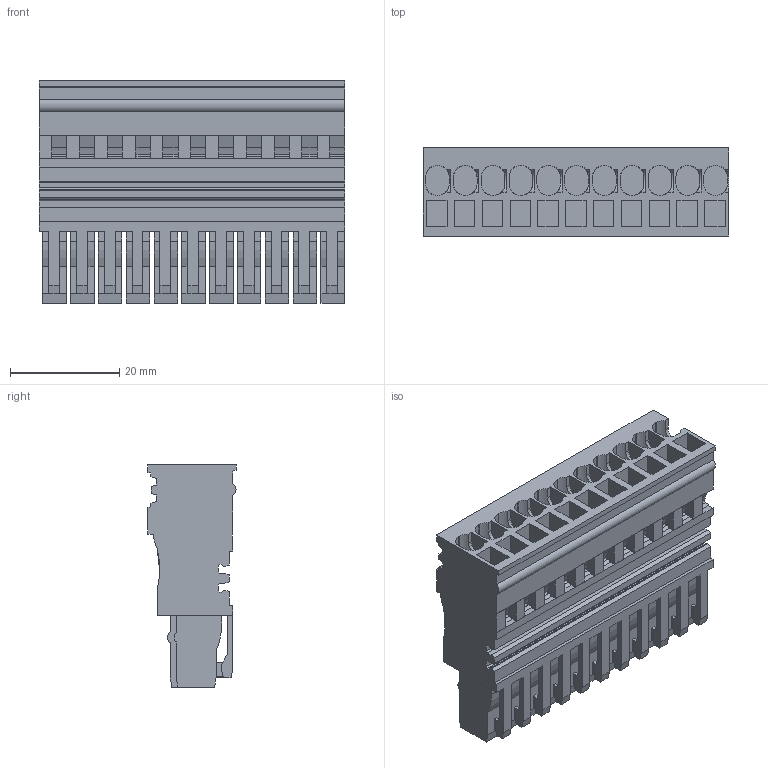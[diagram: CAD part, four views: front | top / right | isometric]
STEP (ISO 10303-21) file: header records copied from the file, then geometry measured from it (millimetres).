
FILE_DESCRIPTION(('CATIA V5R24 STEP','CAx-IF Rec.Pracs.--- Model Styling and Organization---1.2---2011-12-15'),'2;1');
FILE_NAME ('411140_1', '2017-02-02T14:05:12+00:00', ('Weidmueller Interface'), ('Weidmueller'), 'CATIA Version 5-6 Release 2014 SP4 HF52', 'CATIA V5 STEP AP214', 'none');
FILE_SCHEMA(('AUTOMOTIVE_DESIGN { 1 0 10303 214 1 1 1 1 }'));
Length unit declared in the file: millimetre
Products named in the file (1): v5-standard_part
Bounding box: 56.1 x 16.15 x 40.75 mm (x, y, z)
Volume: 19943.5 mm3; surface area: 17359.9 mm2
Topology: 1 solids, 1 shells, 1102 faces, 3195 edges, 2138 vertices
Faces by surface type: plane 921, cylinder 181
Entity records: 33236 total; most frequent: ORIENTED_EDGE 6390, CARTESIAN_POINT 6138, DIRECTION 4357, EDGE_CURVE 3195, VECTOR 2744, LINE 2744, VERTEX_POINT 2138, EDGE_LOOP 1167
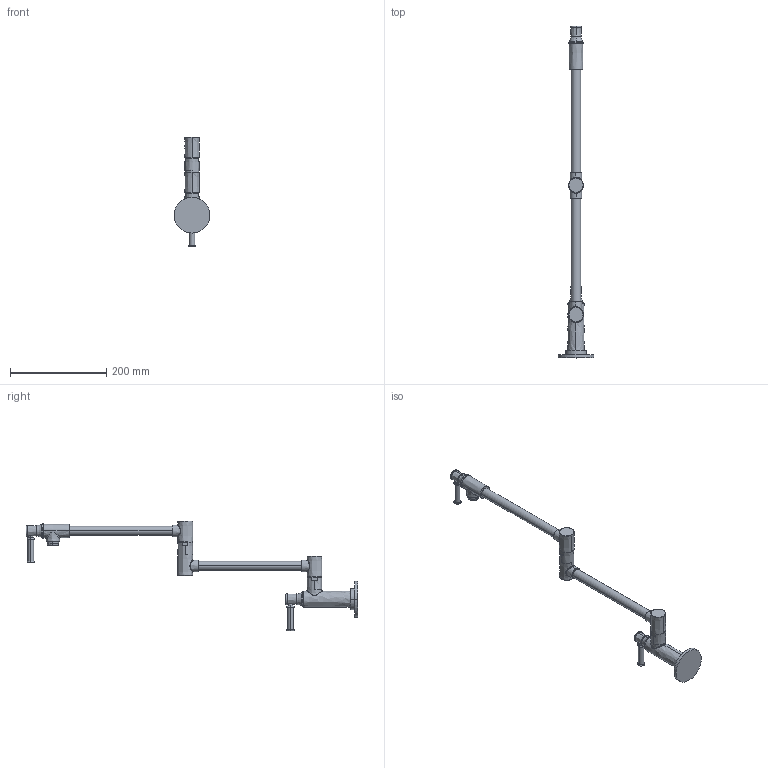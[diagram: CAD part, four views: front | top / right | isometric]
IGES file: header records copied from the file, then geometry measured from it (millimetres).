
Start section:  PTC IGES file: 2940-5503.igs
Global section: file name: 2940-5503.igs; native system: Creo Parametric by PTC Inc.; preprocessor: 2018400; author: jinson.thomas; organization: Unknown; date: 20201201.131434; units: inch
Bounding box: 74.17 x 688.85 x 227.26 mm (x, y, z)
Volume: 488472.7 mm3; surface area: 88535 mm2
Topology: 1 solids, 1 shells, 594 faces, 1650 edges, 1086 vertices
Faces by surface type: bspline 359, revolution 235
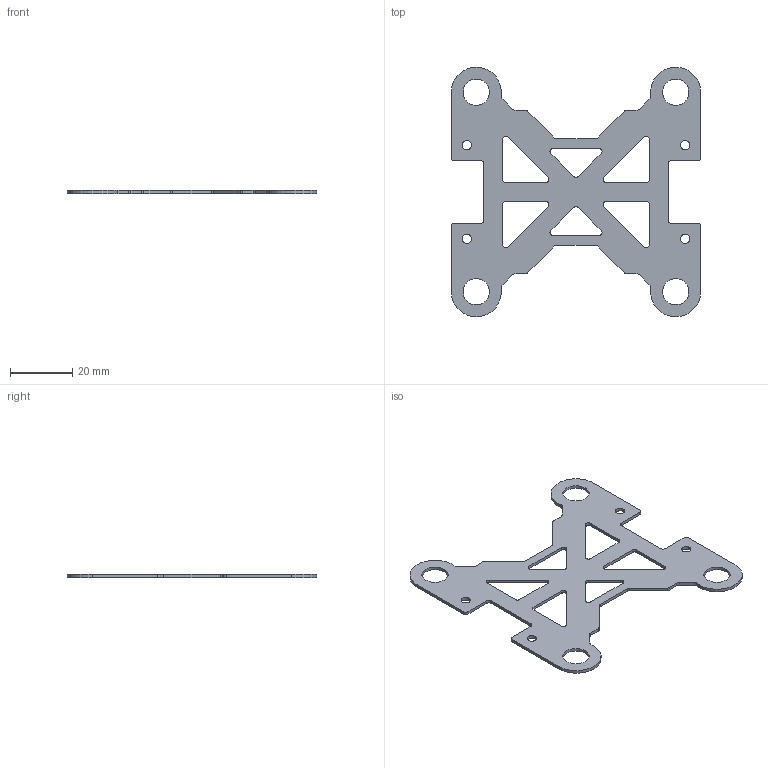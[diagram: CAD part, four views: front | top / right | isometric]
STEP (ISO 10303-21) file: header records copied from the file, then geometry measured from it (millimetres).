
FILE_DESCRIPTION (( 'STEP AP203' ), '1' );
FILE_NAME ('storm-plate.STEP', '2020-03-13T09:47:52', ( '' ), ( '' ), 'SwSTEP 2.0', 'SolidWorks 2017', '' );
FILE_SCHEMA (( 'CONFIG_CONTROL_DESIGN' ));
Length unit declared in the file: millimetre
Products named in the file (1): storm-plate
Bounding box: 80 x 80 x 1 mm (x, y, z)
Volume: 3216.9 mm3; surface area: 7252.7 mm2
Topology: 1 solids, 1 shells, 114 faces, 336 edges, 224 vertices
Faces by surface type: cylinder 70, plane 44
Entity records: 3993 total; most frequent: DIRECTION 706, CARTESIAN_POINT 675, ORIENTED_EDGE 672, EDGE_CURVE 336, AXIS2_PLACEMENT_3D 255, VERTEX_POINT 224, VECTOR 196, LINE 196
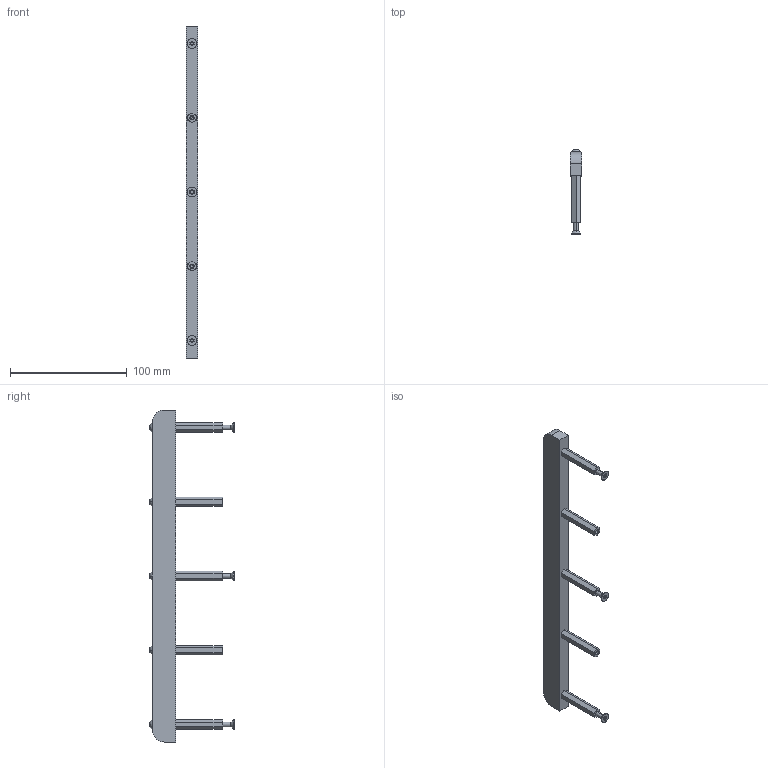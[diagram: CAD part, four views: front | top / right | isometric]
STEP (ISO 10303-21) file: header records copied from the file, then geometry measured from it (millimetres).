
FILE_DESCRIPTION (( 'STEP AP214' ), '1' );
FILE_NAME ('45719~1.STEP', '2020-09-23T12:49:44', ( '' ), ( '' ), 'SwSTEP 2.0', 'SolidWorks 2018', '' );
FILE_SCHEMA (( 'AUTOMOTIVE_DESIGN' ));
Length unit declared in the file: millimetre
Products named in the file (5): 45721~0_S; ISO7380~n_M04,0x030; DIN7991~n_M04,0x020; SKB-II~-s-k-i-i_M4,0x40 St; 45719~1
Assembly tree (14 placements, depth 2):
  45719~1
    45721~0_S
    SKB-II~-s-k-i-i_M4,0x40 St  x5
    ISO7380~n_M04,0x030  x5
    DIN7991~n_M04,0x020  x3
Bounding box: 10 x 72 x 284 mm (x, y, z)
Volume: 65753.4 mm3; surface area: 28327.2 mm2
Topology: 14 solids, 14 shells, 407 faces, 1020 edges, 644 vertices
Faces by surface type: cylinder 200, cone 122, plane 75, torus 10
Entity records: 3554 total; most frequent: CARTESIAN_POINT 634, DIRECTION 630, ORIENTED_EDGE 532, EDGE_CURVE 266, AXIS2_PLACEMENT_3D 264, VERTEX_POINT 172, CIRCLE 140, EDGE_LOOP 122
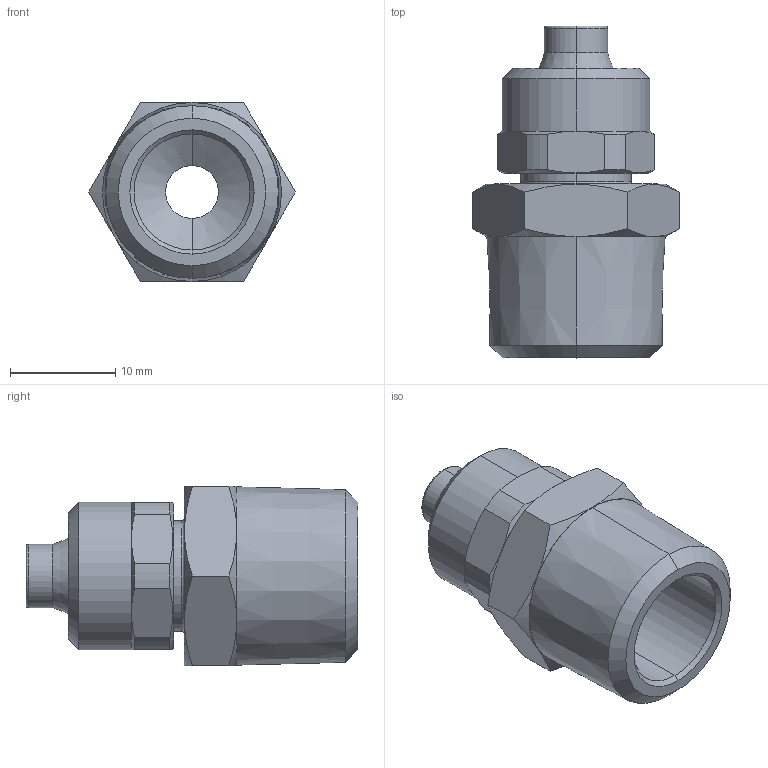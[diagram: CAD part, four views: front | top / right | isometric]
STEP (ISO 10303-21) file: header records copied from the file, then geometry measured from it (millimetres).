
FILE_DESCRIPTION (( 'STEP AP203' ), '1' );
FILE_NAME ('02010043.STEP', '2011-09-05T13:30:22', ( '' ), ( 'sopra-pneumatic' ), 'SwSTEP 2.0', 'SolidWorks 2011', '' );
FILE_SCHEMA (( 'CONFIG_CONTROL_DESIGN' ));
Length unit declared in the file: millimetre
Products named in the file (1): 02010043
Bounding box: 19.63 x 31.5 x 17 mm (x, y, z)
Volume: 3786.7 mm3; surface area: 2749.7 mm2
Topology: 1 solids, 1 shells, 75 faces, 168 edges, 100 vertices
Faces by surface type: cone 32, cylinder 20, plane 19, torus 4
Entity records: 2279 total; most frequent: CARTESIAN_POINT 552, DIRECTION 356, ORIENTED_EDGE 336, EDGE_CURVE 168, AXIS2_PLACEMENT_3D 152, VERTEX_POINT 100, EDGE_LOOP 82, CIRCLE 76
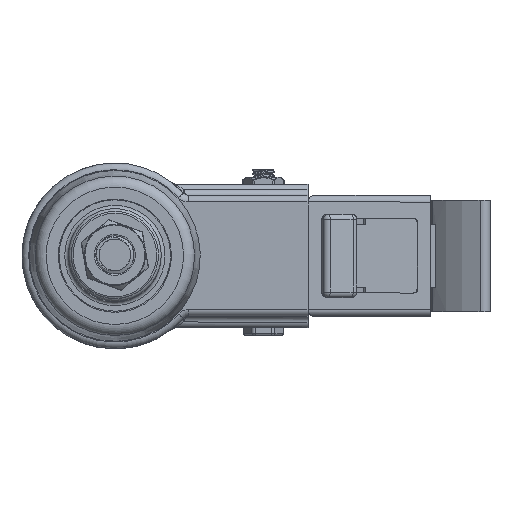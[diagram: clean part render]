
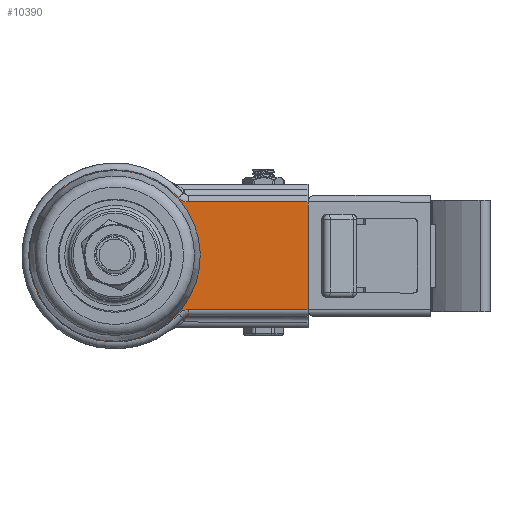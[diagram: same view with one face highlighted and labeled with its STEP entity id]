
A CAD part, top view. The second image highlights one B-rep face of the part: STEP entity #10390.
In plain terms, the highlighted planar face has unit normal (0, 0, 1).
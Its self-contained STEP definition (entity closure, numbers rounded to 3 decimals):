
#657=FACE_BOUND('',#2049,.T.);
#787=PLANE('',#11418);
#1381=FACE_OUTER_BOUND('',#2048,.T.);
#2048=EDGE_LOOP('',(#7853,#7854,#7855,#7856,#7857,#7858));
#2049=EDGE_LOOP('',(#7859));
#2755=LINE('',#16146,#3447);
#2767=LINE('',#16414,#3459);
#2816=LINE('',#17432,#3508);
#3447=VECTOR('',#12897,1000.);
#3459=VECTOR('',#12949,1000.);
#3508=VECTOR('',#13206,1000.);
#4048=CIRCLE('',#11307,23.2);
#4091=CIRCLE('',#11376,21.);
#4101=CIRCLE('',#11414,3.6);
#4102=CIRCLE('',#11419,3.6);
#4680=VERTEX_POINT('',#16143);
#4681=VERTEX_POINT('',#16145);
#4705=VERTEX_POINT('',#16402);
#4706=VERTEX_POINT('',#16403);
#4707=VERTEX_POINT('',#16408);
#4709=VERTEX_POINT('',#16412);
#4762=VERTEX_POINT('',#16678);
#5753=EDGE_CURVE('',#4680,#4681,#2755,.T.);
#5782=EDGE_CURVE('',#4705,#4706,#4048,.T.);
#5788=EDGE_CURVE('',#4709,#4707,#2767,.T.);
#5860=EDGE_CURVE('',#4762,#4762,#4091,.T.);
#5898=EDGE_CURVE('',#4706,#4709,#4101,.T.);
#5901=EDGE_CURVE('',#4680,#4707,#2816,.T.);
#5904=EDGE_CURVE('',#4681,#4705,#4102,.T.);
#7853=ORIENTED_EDGE('',*,*,#5788,.F.);
#7854=ORIENTED_EDGE('',*,*,#5898,.F.);
#7855=ORIENTED_EDGE('',*,*,#5782,.F.);
#7856=ORIENTED_EDGE('',*,*,#5904,.F.);
#7857=ORIENTED_EDGE('',*,*,#5753,.F.);
#7858=ORIENTED_EDGE('',*,*,#5901,.T.);
#7859=ORIENTED_EDGE('',*,*,#5860,.T.);
#10390=ADVANCED_FACE('',(#1381,#657),#787,.T.);
#11307=AXIS2_PLACEMENT_3D('',#16404,#12936,#12937);
#11376=AXIS2_PLACEMENT_3D('',#16679,#13097,#13098);
#11414=AXIS2_PLACEMENT_3D('',#17427,#13199,#13200);
#11418=AXIS2_PLACEMENT_3D('',#17436,#13210,#13211);
#11419=AXIS2_PLACEMENT_3D('',#17437,#13212,#13213);
#12897=DIRECTION('',(-1.,0.,0.));
#12936=DIRECTION('center_axis',(0.,0.,-1.));
#12937=DIRECTION('ref_axis',(-1.,0.,0.));
#12949=DIRECTION('',(1.,0.,0.));
#13097=DIRECTION('center_axis',(0.,0.,-1.));
#13098=DIRECTION('ref_axis',(-1.,0.,0.));
#13199=DIRECTION('center_axis',(0.,0.,1.));
#13200=DIRECTION('ref_axis',(-0.403,-0.915,0.));
#13206=DIRECTION('',(0.,1.,0.));
#13210=DIRECTION('center_axis',(0.,0.,1.));
#13211=DIRECTION('ref_axis',(1.,0.,0.));
#13212=DIRECTION('center_axis',(0.,0.,1.));
#13213=DIRECTION('ref_axis',(-0.403,0.915,0.));
#16143=CARTESIAN_POINT('',(52.,-14.5,-12.5));
#16145=CARTESIAN_POINT('',(19.764,-14.5,-12.5));
#16146=CARTESIAN_POINT('',(17.739,-14.5,-12.5));
#16402=CARTESIAN_POINT('',(17.109,-15.669,-12.5));
#16403=CARTESIAN_POINT('',(17.109,15.669,-12.5));
#16404=CARTESIAN_POINT('Origin',(0.,0.,-12.5));
#16408=CARTESIAN_POINT('',(52.,14.5,-12.5));
#16412=CARTESIAN_POINT('',(19.764,14.5,-12.5));
#16414=CARTESIAN_POINT('',(17.739,14.5,-12.5));
#16678=CARTESIAN_POINT('',(21.,0.,-12.5));
#16679=CARTESIAN_POINT('Origin',(0.,0.,-12.5));
#17427=CARTESIAN_POINT('Origin',(19.764,18.1,-12.5));
#17432=CARTESIAN_POINT('',(52.,-16.3,-12.5));
#17436=CARTESIAN_POINT('Origin',(0.,0.,-12.5));
#17437=CARTESIAN_POINT('Origin',(19.764,-18.1,-12.5));

= = =

**Exercise goal**
Each line in the material with "SwSTEP" in it must be reported.

**Task answer**
FILE_NAME ('storm-plate.STEP', '2020-03-13T09:47:52', ( '' ), ( '' ), 'SwSTEP 2.0', 'SolidWorks 2017', '' );
FILE_NAME ('45719~1.STEP', '2020-09-23T12:49:44', ( '' ), ( '' ), 'SwSTEP 2.0', 'SolidWorks 2018', '' );
FILE_NAME ('02010043.STEP', '2011-09-05T13:30:22', ( '' ), ( 'sopra-pneumatic' ), 'SwSTEP 2.0', 'SolidWorks 2011', '' );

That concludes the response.